Mexico is seen as “another attractive growth opportunity” with 70 stores currently. Said Weinberg, “We believe this market can support significant additional growth over the coming years. When complete, we believe that this transaction will also be accretive to earnings.”
In Skechers owned global retail business, sales increased 7.5 percent in the quarter due to sales increases of 3.3 percent domestically and 15.9 percent internationally. N a currency-neutral basis, sales jumped 20.4 percent. Worldwide comps inched up 1.1 percent in the quarter with a 3 percent increase internationally and 0.4 percent domestically.

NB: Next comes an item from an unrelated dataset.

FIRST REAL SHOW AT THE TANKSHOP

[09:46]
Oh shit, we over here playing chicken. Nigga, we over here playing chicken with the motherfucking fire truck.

For the full year, sales increased 12 percent due to an increase of 7.7 percent domestically 21.2 percent internationally. Domestically, gross margins climbed 450 basis points in the quarter and 160 basis points for the full year, due to improved pricing and a decrease in promotional activity.

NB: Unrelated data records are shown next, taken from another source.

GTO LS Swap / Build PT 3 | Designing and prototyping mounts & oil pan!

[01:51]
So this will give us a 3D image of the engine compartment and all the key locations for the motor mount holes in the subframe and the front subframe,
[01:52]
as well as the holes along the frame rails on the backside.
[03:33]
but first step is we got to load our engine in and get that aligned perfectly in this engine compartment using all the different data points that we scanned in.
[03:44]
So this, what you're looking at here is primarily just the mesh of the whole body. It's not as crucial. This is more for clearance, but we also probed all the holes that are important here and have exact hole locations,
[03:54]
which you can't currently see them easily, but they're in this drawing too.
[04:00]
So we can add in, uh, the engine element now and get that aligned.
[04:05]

Domestic e-commerce business grew 8.9 percent for the quarter and 11.6 percent for the year. Improved functionality, accessibility and user interfaces will be launched this year and company-owned sites will reach more countries.
Inventory was down 1.1 at the close of the quarter, its first year-over-year decline since 2012. Said John Vandemore, CFO, on the call, “This reflects our diligent management of inventory levels globally, while fulfilling requirements for our growth expectations and expanded retail store base.”
Regarding its outlook, Skechers said it expects first quarter sales will be in the range of $1.275 billion to $1.3 billion and EPS in the range of 70 to 75 cents. The guidance reflects some foreign-exchange headwinds, a shift in some sales from the first to the second quarter, due to the timing of Easter this year, and newer investments in India. The year-ago period also included an unusual benefit of 7 cents a share from the tax reform.
In the Q&A session, Weinberg said Skechers’ moves to add more fashion-forward product to the line is helping attract a younger consumer. He elaborated, “I think on a worldwide basis, we continue to push the brand and deliver styles in the newer looks and continue to trend significantly younger. And it’s now beginning to happen in the U.S. as well. So, we are all positive about our brand offerings, our product offerings and anticipate we will solidify a significantly larger demographic, but we are getting more brand acceptance everywhere in the world.”
Weinberg also said that while the company is only now receiving initial orders getting for the back half of the year, the company is seeing “very good feedback”
Said Weinberg, “We had a very good January, on top of what was a significantly high growth incoming order rate last January, so that makes it look even more solid. So, we are getting good reception and we’re getting good sell-throughs from the current line that’s out there, so I think we all here feel very positive about the transition into Fall, holiday and potentially even increased acceleration as we get there.”